Igualmente lesiva e inaceptable -pero ahora sin justificación "institucional"- resulta la omisión de Barragán, si no como escultor estrictamente hablando, como uno de los que más influyeron en la reconciliación de la arquitectura con el arte (específicamente, con la escultura) después de siglo y medio de confrontaciones entre los gremios (que, cabe recordarlo, provocaron la huelga en la Academia de San Carlos en 1911 y una célebre polémica entre Diego Rivera y Joaquín Méndez Rivas, en 1924). El deslizamiento de la arquitectura hacia formas depuradas que provienen de las vanguardias plásticas, y su complemento y contraparte, la inserción de la escultura monumental en un contexto arquitectónico, se enraízan en teoría en el discurso sobre arte público en acción en México desde los años veinte. Por ello, el surgimiento en México de una escultura geométrica que hace eco al pop art europeo de los sesenta o al arte cinético de Jesús Soto o Cruz Diez implicó, en tanto que arte público, una revisión drástica de la función de la escultura, que antecede y anuncia la aparición de "esculturas en campo abierto" y de intervenciones en el paisaje. En ese sentido, presentar una sola obra de Sebastián de pequeñas dimensiones sin reparar en las series iniciales de frágiles papeles plegados, impide evaluar en su justa medida la compleja trayectoria de quien se convirtió, nos guste o no, en el escultor más visible del país.
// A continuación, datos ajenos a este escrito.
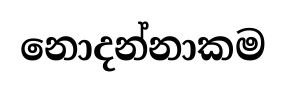
නොදන්නාකම
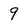
Character: 9
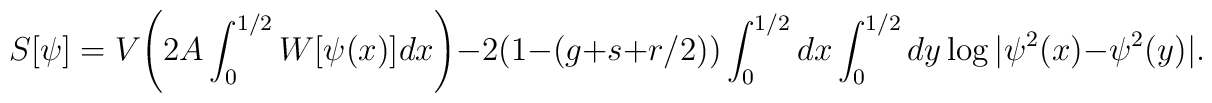
S[\psi ] = V{\Biggr (}2A \int _{0}^{1/2} W[\psi (x)] dx{\Biggl )}-2(1-(g +s +r/2))\int_{0}^{1/2} dx \int_0^{1/2} dy \log|\psi^2(x)- \psi^2 (y)|.
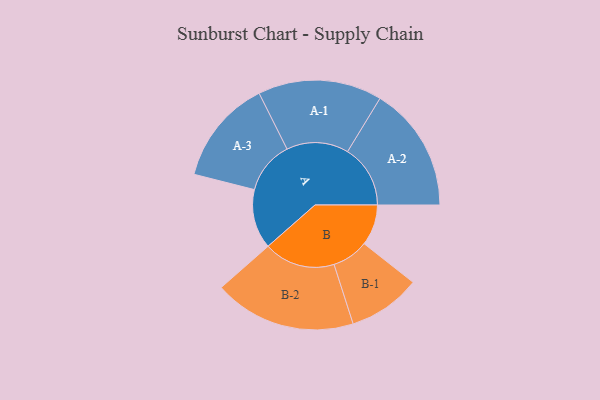
{"axis": {"x": "Segment", "y": "Value"}, "legend": ["", "A", "B"], "data": [{"x": "A", "y": 234, "type": ""}, {"x": "B", "y": 161, "type": ""}, {"x": "A-1", "y": 244, "type": "A"}, {"x": "A-2", "y": 247, "type": "A"}, {"x": "A-3", "y": 207, "type": "A"}, {"x": "B-1", "y": 143, "type": "B"}, {"x": "B-2", "y": 280, "type": "B"}]}
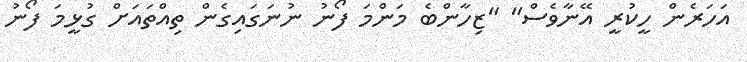
އަހަރެން ހީކުރީ އޭނާވެސް" "ޒިހާންބެ މަންމަ ފޯނު ނުނަގައިގެން ތިއްތައަށް ގުޅީމަ ފޯނު
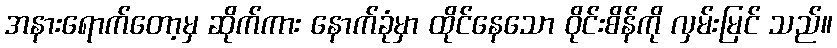
အနားရောက်တော့မှ ဆိုက်ကား နောက်ခုံမှာ ထိုင်နေသော ဝိုင်းစိန်ကို လှမ်းမြင် သည်။
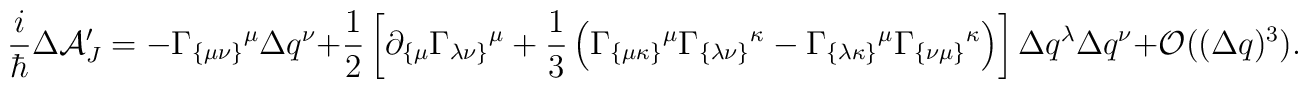
\frac{i}{\hbar }  \Delta {\cal A}_J' = -  \Gamma _{\{\mu  \nu  \}}{}^\mu        \Delta q^ \nu  + \frac{1}{2} \left[ \partial _{\{\mu }    \Gamma _{ \lambda  \nu \} }{}^\mu + \frac{1}{3}    \left( \Gamma _{\{ \mu  \kappa \}} {}^ \mu    \Gamma _{\{ \lambda  \nu \}} {}^ \kappa -  \Gamma _{\{  \lambda  \kappa \} }{}^\mu   \Gamma _{\{  \nu \mu \}}{}^ \kappa   \right)\right]   \Delta q^ \lambda   \Delta q ^ \nu+{\cal O}  (( \Delta q)^3).
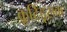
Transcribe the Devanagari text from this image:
कूटिदूसक
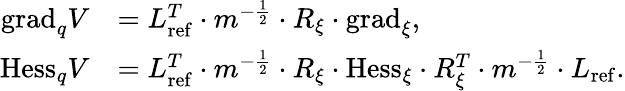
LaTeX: \begin{array}{rl}{\mathrm{grad}_{q}V}&{=L_{\mathrm{ref}}^{T}\cdot m^{-\frac{1}{2}}\cdot R_{\xi}\cdot\mathrm{grad}_{\xi},}\\ {\mathrm{Hess}_{q}V}&{=L_{\mathrm{ref}}^{T}\cdot m^{-\frac{1}{2}}\cdot R_{\xi}\cdot\mathrm{Hess}_{\xi}\cdot R_{\xi}^{T}\cdot m^{-\frac{1}{2}}\cdot L_{\mathrm{ref}}.}\end{array}
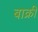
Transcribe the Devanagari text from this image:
बाक्री
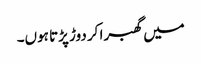
میں گھبرا کر دوڑ پڑتا ہوں۔

No considerar el recorrido que llevó a Mathias Goeritz de los relieves monocromáticos -hasta cierto punto privados-, a la elaboración conjunta con Barragán de un verdadero sistema escultórico público, que no culminó con la construcción de las Torres de Satélite, sino con los proyectos integrales y colectivos del Museo del Eco, la Ruta de la Amistad o el Espacio escultórico, significa restarle a la escultura mexicana, no sólo algunas de sus obras más dinámicas, sino su característica fundamental, una mutación del arte que se prolonga hasta nuestros días, con la atomización de los formatos tradicionales, y debió ser incluida en la muestra, aunque fuera con planos, proyectos y fotografías. La simple y llana eliminación del trabajo escultórico de Tamayo (que los organizadores consideraron "aleatorio") borra de la historia una de las primeras recuperaciones oficiales (corporativas) de estos avances.
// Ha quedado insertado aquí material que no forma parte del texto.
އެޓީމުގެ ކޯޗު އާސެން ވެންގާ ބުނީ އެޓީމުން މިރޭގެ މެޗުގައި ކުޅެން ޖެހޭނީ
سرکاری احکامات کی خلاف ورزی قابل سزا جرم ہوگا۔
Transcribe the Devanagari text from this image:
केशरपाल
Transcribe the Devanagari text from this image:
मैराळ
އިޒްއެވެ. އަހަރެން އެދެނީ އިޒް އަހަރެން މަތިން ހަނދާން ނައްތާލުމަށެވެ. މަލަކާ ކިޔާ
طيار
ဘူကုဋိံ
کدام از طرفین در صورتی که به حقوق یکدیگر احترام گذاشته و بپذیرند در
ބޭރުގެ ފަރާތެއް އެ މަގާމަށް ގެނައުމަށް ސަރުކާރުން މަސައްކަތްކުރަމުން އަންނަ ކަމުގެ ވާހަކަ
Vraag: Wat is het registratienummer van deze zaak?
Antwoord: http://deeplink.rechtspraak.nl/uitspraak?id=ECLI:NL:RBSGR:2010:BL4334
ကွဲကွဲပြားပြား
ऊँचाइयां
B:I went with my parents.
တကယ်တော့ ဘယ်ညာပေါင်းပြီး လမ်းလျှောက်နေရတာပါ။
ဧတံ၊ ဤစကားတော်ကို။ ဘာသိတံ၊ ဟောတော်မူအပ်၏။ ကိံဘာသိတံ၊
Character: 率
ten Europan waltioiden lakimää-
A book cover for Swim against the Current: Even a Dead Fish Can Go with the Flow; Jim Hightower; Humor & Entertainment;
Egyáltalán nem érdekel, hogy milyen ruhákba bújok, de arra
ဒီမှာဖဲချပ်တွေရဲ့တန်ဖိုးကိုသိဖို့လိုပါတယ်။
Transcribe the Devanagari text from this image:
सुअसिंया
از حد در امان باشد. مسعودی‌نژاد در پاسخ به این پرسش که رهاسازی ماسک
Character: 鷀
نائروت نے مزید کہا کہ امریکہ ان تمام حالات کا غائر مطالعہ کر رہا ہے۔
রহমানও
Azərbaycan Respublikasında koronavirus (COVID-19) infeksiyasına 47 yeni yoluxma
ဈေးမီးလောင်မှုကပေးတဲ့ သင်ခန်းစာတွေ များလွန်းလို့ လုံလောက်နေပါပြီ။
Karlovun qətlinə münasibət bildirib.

Con la excepción de la puerta monumental del Politécnico de Jesús Mayagoitía (Hermafrodita, 1989) y de una irónica lamina azul remachada de Cuevas (El tambor), todas las piezas en la exposición, por lo tanto, son de formato "casero", miniatura inclusive, como los bibelots artísticos que encarga la orfebrería Tane a sus artistas predilectos (que no siempre son escultores). No obstante las dos recias piezas de bronce de Pedro Coronel, la exposición empieza, realmente, en la Sala Nacional, dedicada al geometrismo. El salón dedicado a Felguérez, quizás el único que esboza un contexto, permite revisar con nuevos ojos media docena de obras (restauradas) marcadas por un look sesentero que se está volviendo de moda, y descubrir una pieza excepcional de una Helen Escobedo geométrica (Unión Círculo, 1968). Goeritz está apenas representado por una serie de maquetas (consideradas aquí, aparentemente, como "obras terminadas") y un diminuto cuadro de su serie de "clavados" que, si bien tiene "relieve" de ninguna manera puede ser considerado una "escultura", como tampoco lo son el avión hecho con lápices de colores o el marco con figuras miniaturas de madera de Pedro Friedeberg.